Personal information
- Born: 18 July 1992 (age 33)

Sport
- Country: Belgium
- Sport: Track and field
- Event(s): Decathlon, Heptathlon

Achievements and titles
- Personal best(s): Decathlon: 8,222 (2021) Heptathlon: 5,966 (2017)

= Niels Pittomvils =

Belgian decathlete

Niels Pittomvils (born 18 July 1992) is a male decathlete from Belgium.

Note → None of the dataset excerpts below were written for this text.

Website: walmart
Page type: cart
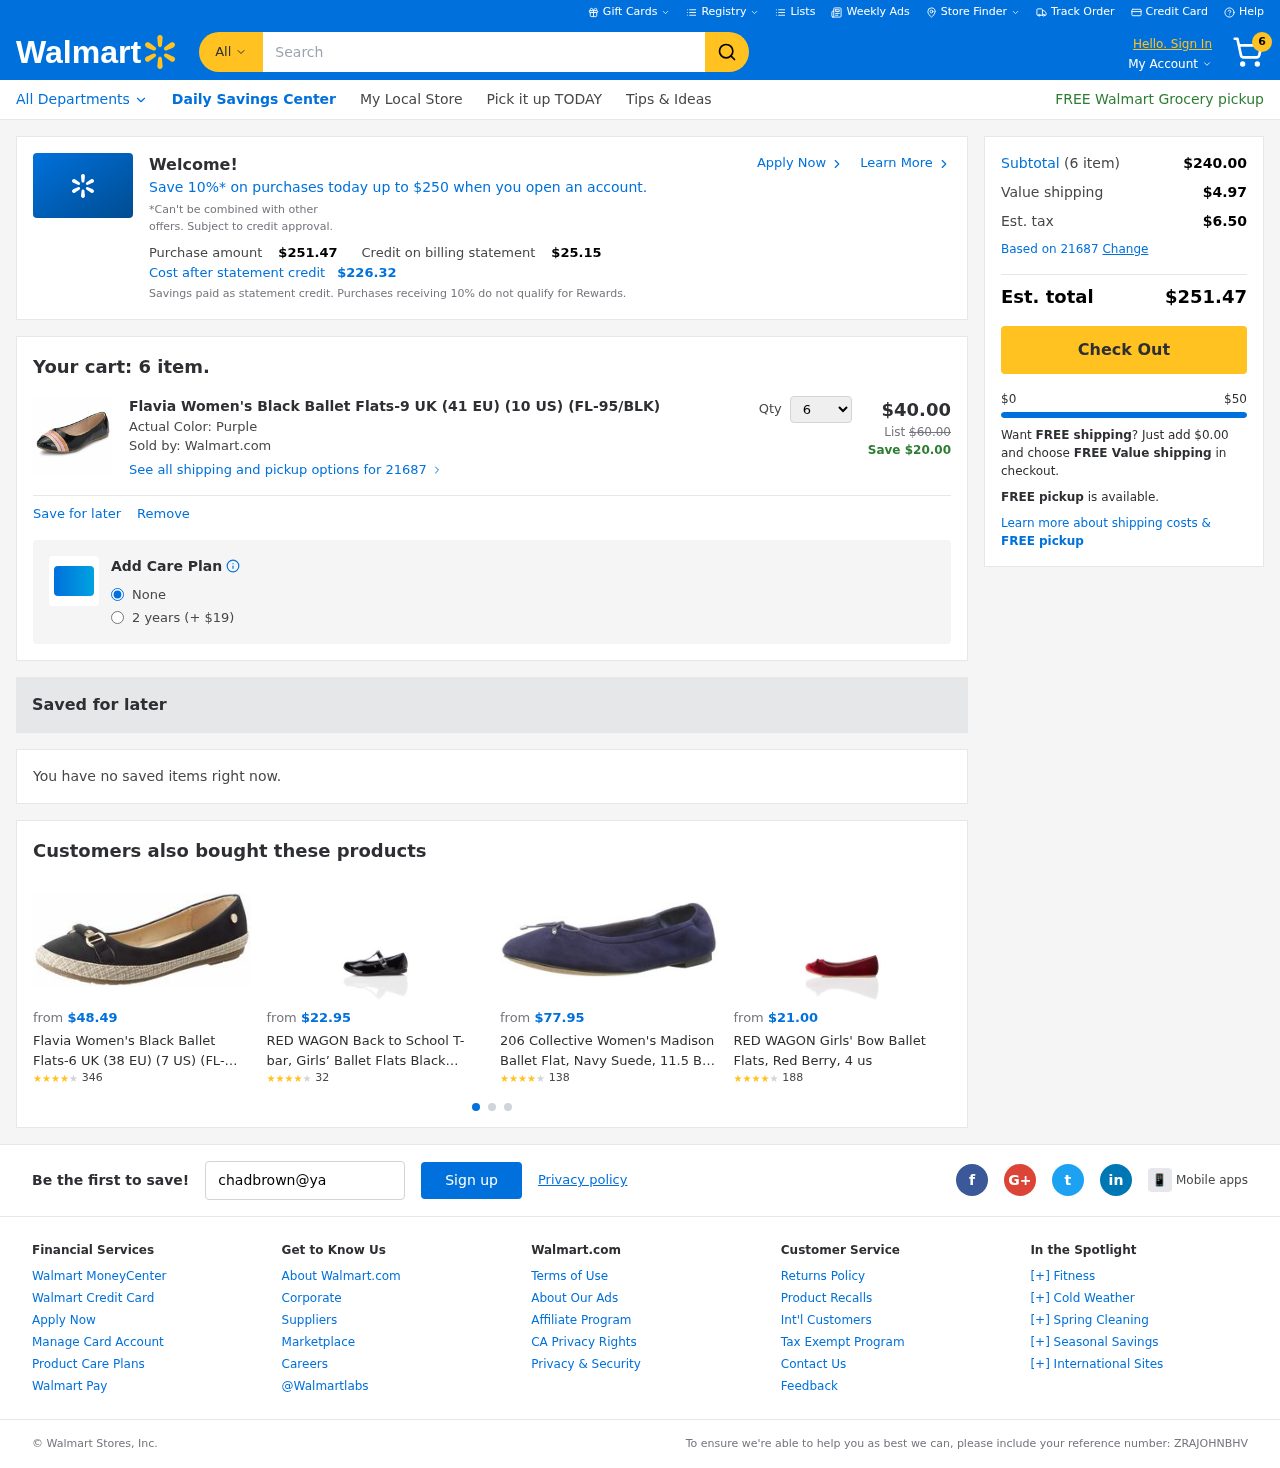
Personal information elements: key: PII_EMAIL
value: chadbrown@yahoo.com
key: PII_POSTCODE
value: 21687
Product elements: key: PRODUCT1_NAME
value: Flavia Women's Black Ballet Flats-9 UK (41 EU) (10 US) (FL-95/BLK)
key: PRODUCT1_PRICE
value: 40
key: PRODUCT1_QUANTITY
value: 6
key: PRODUCT2_NAME
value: Flavia Women's Black Ballet Flats-6 UK (38 EU) (7 US) (FL-926/BLK)
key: PRODUCT2_NUM_RATINGS
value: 346
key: PRODUCT2_PRICE
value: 48.49
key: PRODUCT2_RATING
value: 4.4
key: PRODUCT3_NAME
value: RED WAGON Back to School T-bar, Girls’ Ballet Flats Black (Black Patent) 3
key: PRODUCT3_NUM_RATINGS
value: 32
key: PRODUCT3_PRICE
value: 22.95
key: PRODUCT3_RATING
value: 4.2
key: PRODUCT4_NAME
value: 206 Collective Women's Madison Ballet Flat, Navy Suede, 11.5 B US
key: PRODUCT4_NUM_RATINGS
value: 138
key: PRODUCT4_PRICE
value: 77.95
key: PRODUCT4_RATING
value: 4.3
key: PRODUCT5_NAME
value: RED WAGON Girls' Bow Ballet Flats, Red Berry, 4 us
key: PRODUCT5_NUM_RATINGS
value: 188
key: PRODUCT5_PRICE
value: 21
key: PRODUCT5_RATING
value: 4.3
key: PRODUCT1_ORIGINAL_PRICE
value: $60.00
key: PRODUCT1_SAVINGS
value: Save $20.00
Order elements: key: ORDER_NUM_ITEMS
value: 6
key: ORDER_TOTAL
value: $251.47
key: PROMO_TOTAL_AFTER_CREDIT
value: $226.32
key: ORDER_SUBTOTAL
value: $240.00
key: ORDER_SHIPPING_COST
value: $4.97
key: ORDER_TAX
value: $6.50
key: FREE_SHIPPING_REMAINING
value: $0.00
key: ORDER_REFERENCE_NUMBER
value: ZRAJOHNBHV
Search elements: key: HEADER_SEARCH
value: Search
Other elements: key: PROMO_CREDIT
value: $25.15
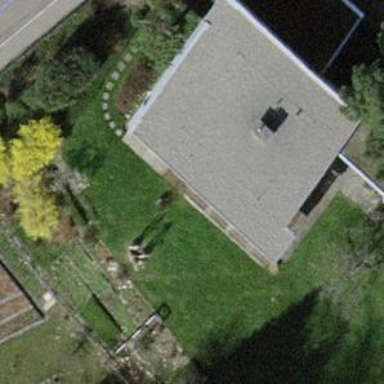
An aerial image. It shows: Close-up view of roof of building.
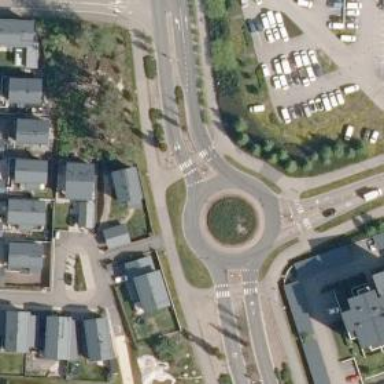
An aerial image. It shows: Tertiary road made of asphalt leading to roundabout junction.
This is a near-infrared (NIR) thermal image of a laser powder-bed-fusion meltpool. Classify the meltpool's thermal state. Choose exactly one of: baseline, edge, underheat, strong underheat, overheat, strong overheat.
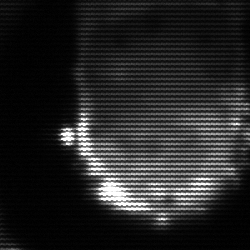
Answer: baseline
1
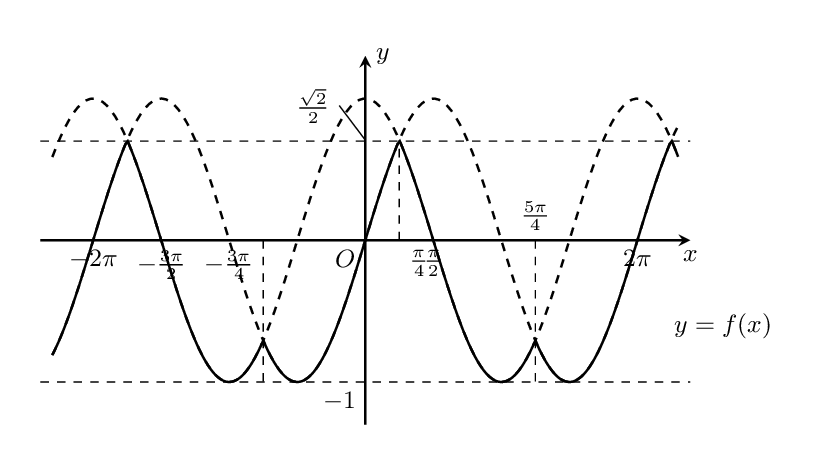
【解答】
1
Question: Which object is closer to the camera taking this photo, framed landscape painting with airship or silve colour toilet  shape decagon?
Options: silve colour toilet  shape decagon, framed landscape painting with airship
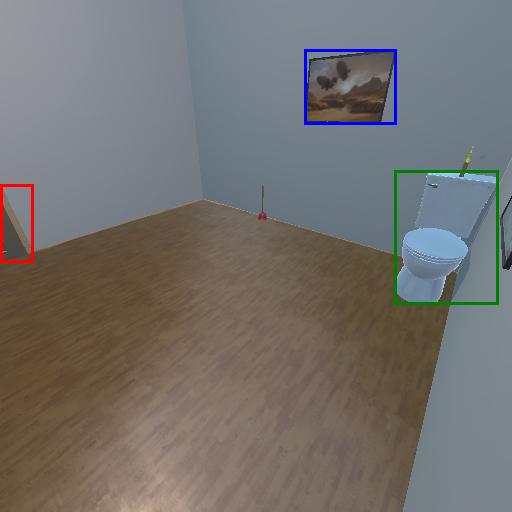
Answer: silve colour toilet  shape decagon
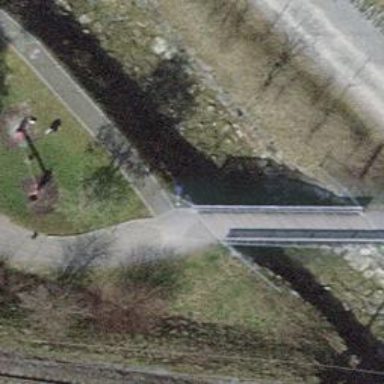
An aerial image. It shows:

On the world stage he finished 22nd at the 2015 World Championships. In regional competitions he finished seventh at the 2013 European U23 Championships, fourteenth at the 2014 European Championships, did not finish at the 2015 European Indoor Championships or the 2016 European Championships, and finished seventh at the 2017 European Indoor Championships.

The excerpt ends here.